## About this task
Work through the entries below and show every line in which "path" is found.

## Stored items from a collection
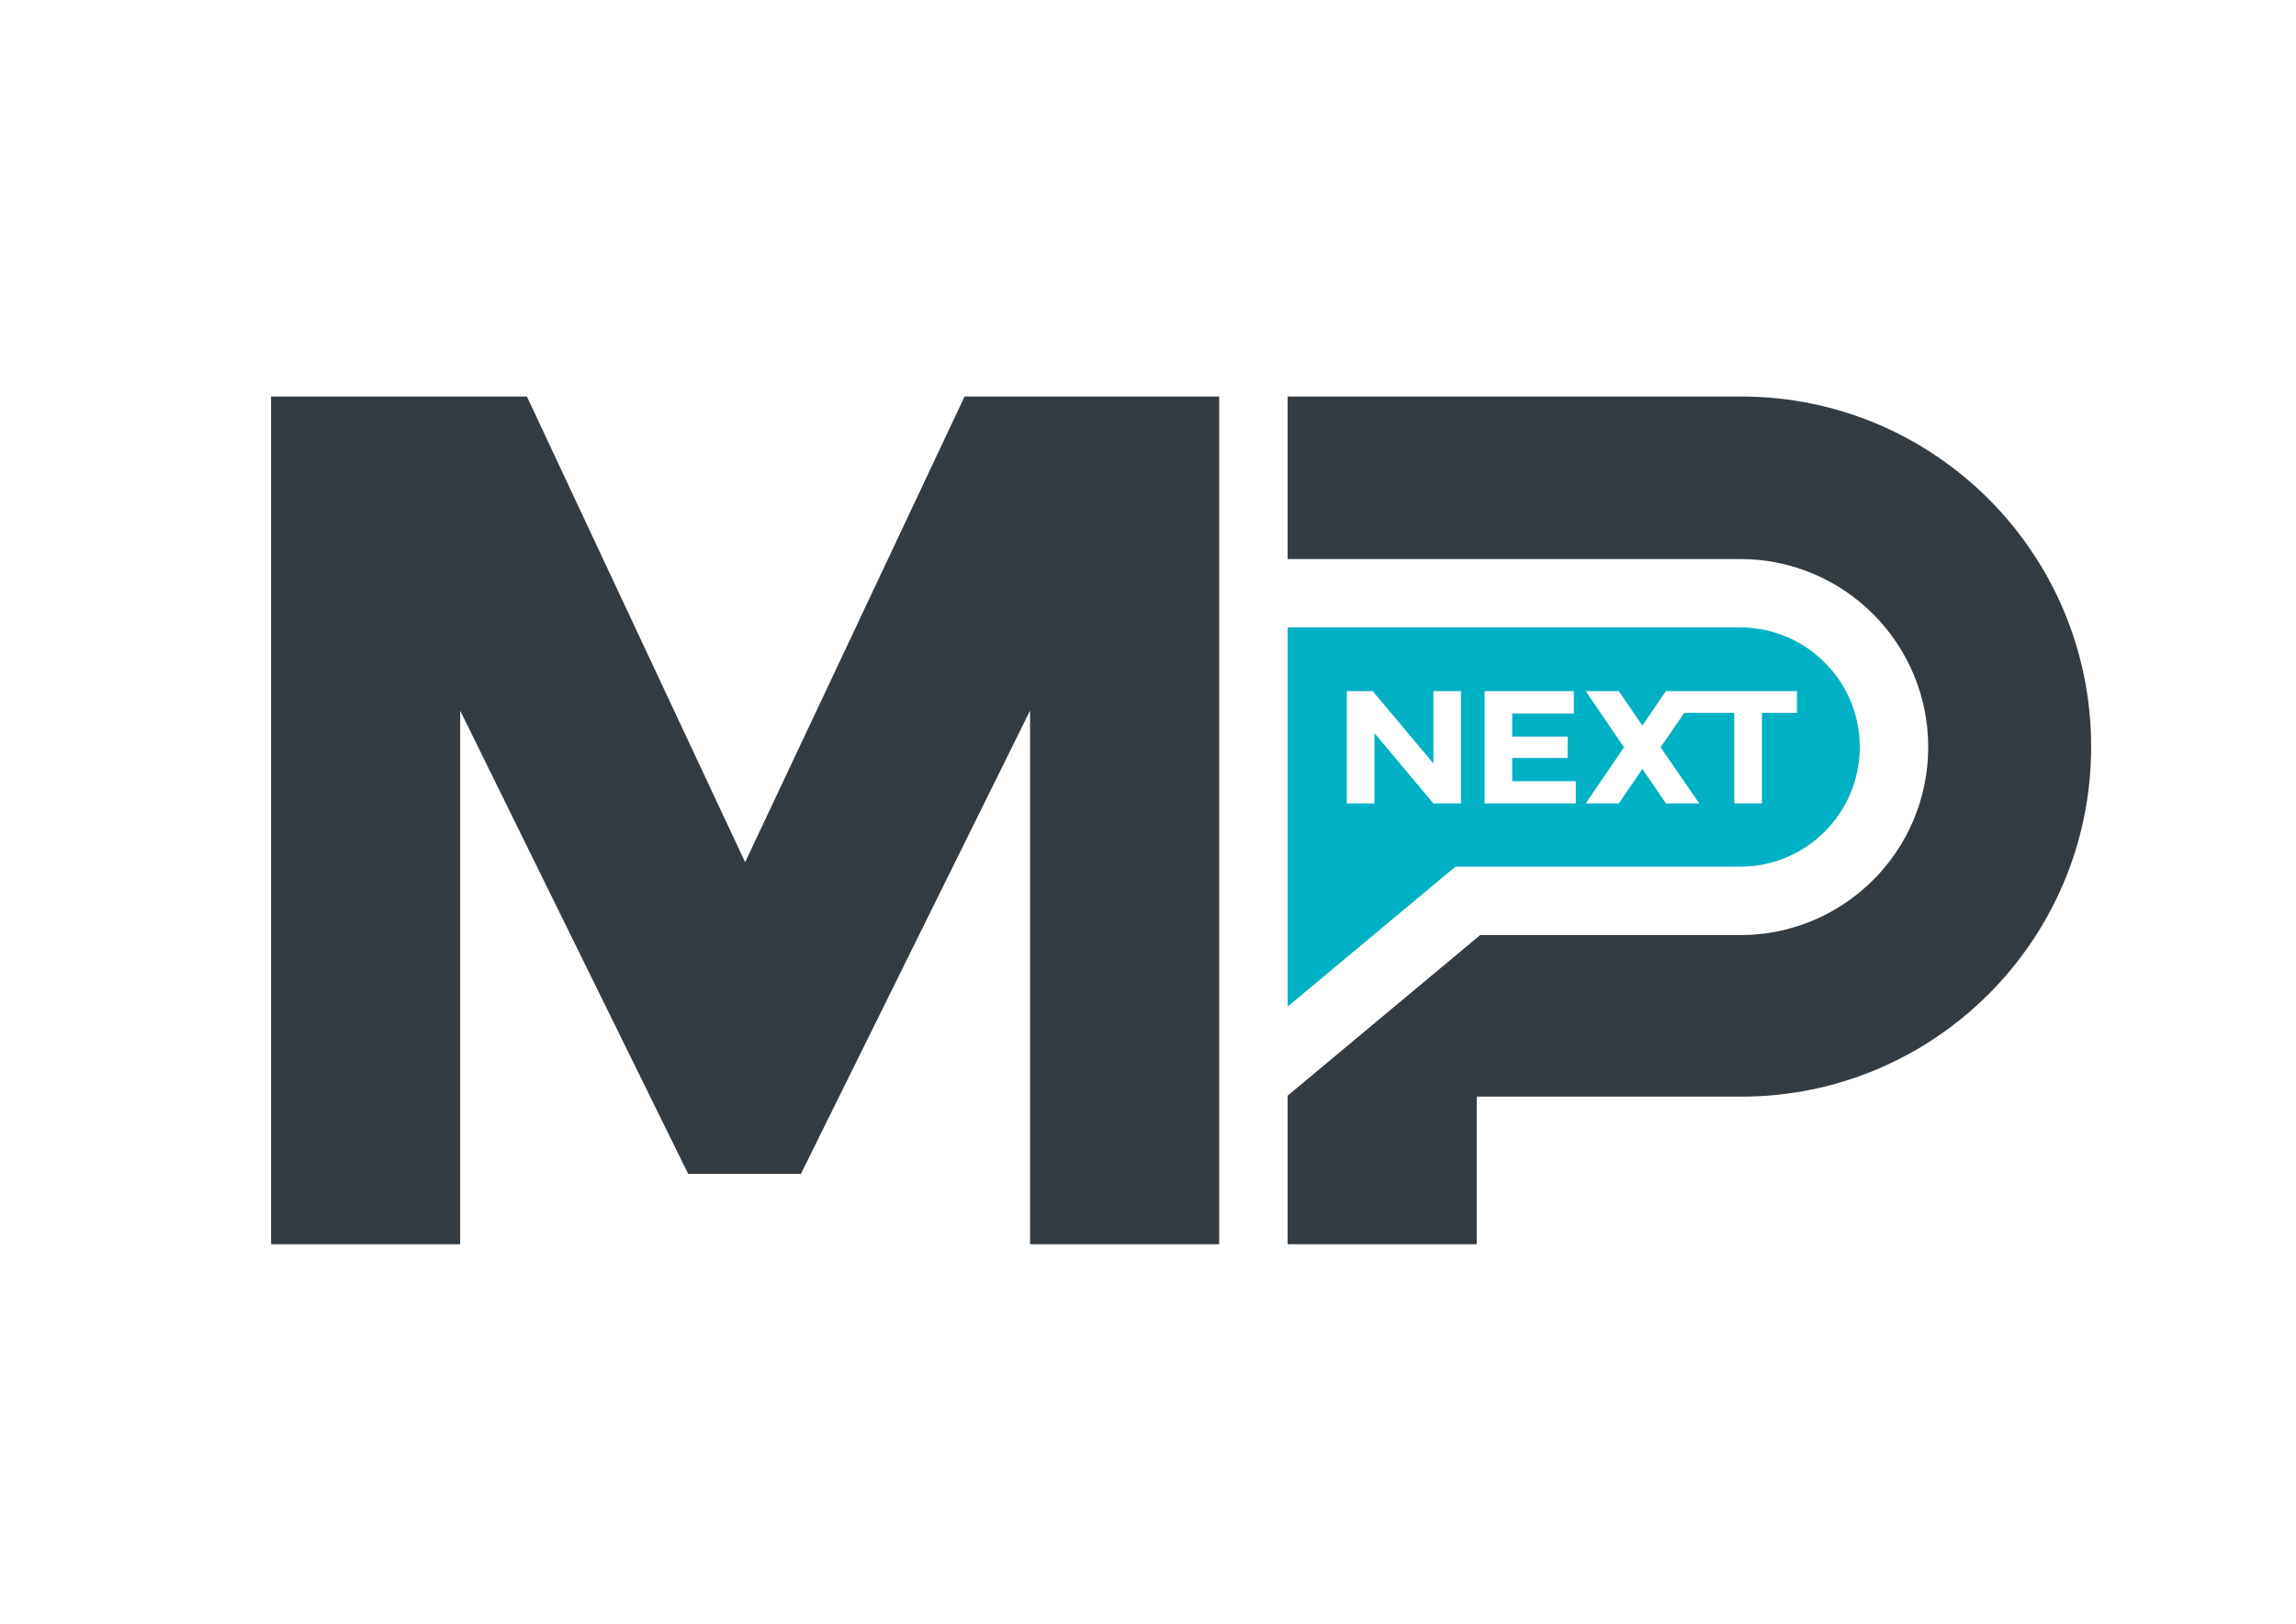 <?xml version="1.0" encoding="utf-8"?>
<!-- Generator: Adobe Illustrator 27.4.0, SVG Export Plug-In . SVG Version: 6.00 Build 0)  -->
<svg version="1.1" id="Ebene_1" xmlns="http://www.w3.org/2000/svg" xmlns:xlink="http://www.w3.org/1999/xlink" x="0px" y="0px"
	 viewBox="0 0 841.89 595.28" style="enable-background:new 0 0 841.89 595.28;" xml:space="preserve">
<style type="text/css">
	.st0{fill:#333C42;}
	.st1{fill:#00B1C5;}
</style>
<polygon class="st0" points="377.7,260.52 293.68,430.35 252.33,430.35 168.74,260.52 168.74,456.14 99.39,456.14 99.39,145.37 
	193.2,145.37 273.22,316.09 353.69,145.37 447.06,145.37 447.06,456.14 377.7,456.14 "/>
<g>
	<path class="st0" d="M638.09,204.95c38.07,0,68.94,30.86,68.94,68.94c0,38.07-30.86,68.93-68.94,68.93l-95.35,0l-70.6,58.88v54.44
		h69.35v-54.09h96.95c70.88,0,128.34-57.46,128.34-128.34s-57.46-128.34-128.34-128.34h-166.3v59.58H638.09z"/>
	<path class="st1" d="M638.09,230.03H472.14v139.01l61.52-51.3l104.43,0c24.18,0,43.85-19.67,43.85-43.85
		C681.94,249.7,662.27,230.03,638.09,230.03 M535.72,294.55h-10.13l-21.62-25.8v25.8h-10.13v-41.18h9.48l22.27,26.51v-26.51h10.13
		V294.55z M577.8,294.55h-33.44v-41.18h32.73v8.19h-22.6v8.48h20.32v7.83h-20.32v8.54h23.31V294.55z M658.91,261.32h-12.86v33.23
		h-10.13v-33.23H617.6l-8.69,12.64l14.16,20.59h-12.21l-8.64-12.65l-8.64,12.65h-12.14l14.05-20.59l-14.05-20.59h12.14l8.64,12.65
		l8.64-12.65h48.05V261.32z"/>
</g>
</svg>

## Written response
	<path class="st0" d="M638.09,204.95c38.07,0,68.94,30.86,68.94,68.94c0,38.07-30.86,68.93-68.94,68.93l-95.35,0l-70.6,58.88v54.44
	<path class="st1" d="M638.09,230.03H472.14v139.01l61.52-51.3l104.43,0c24.18,0,43.85-19.67,43.85-43.85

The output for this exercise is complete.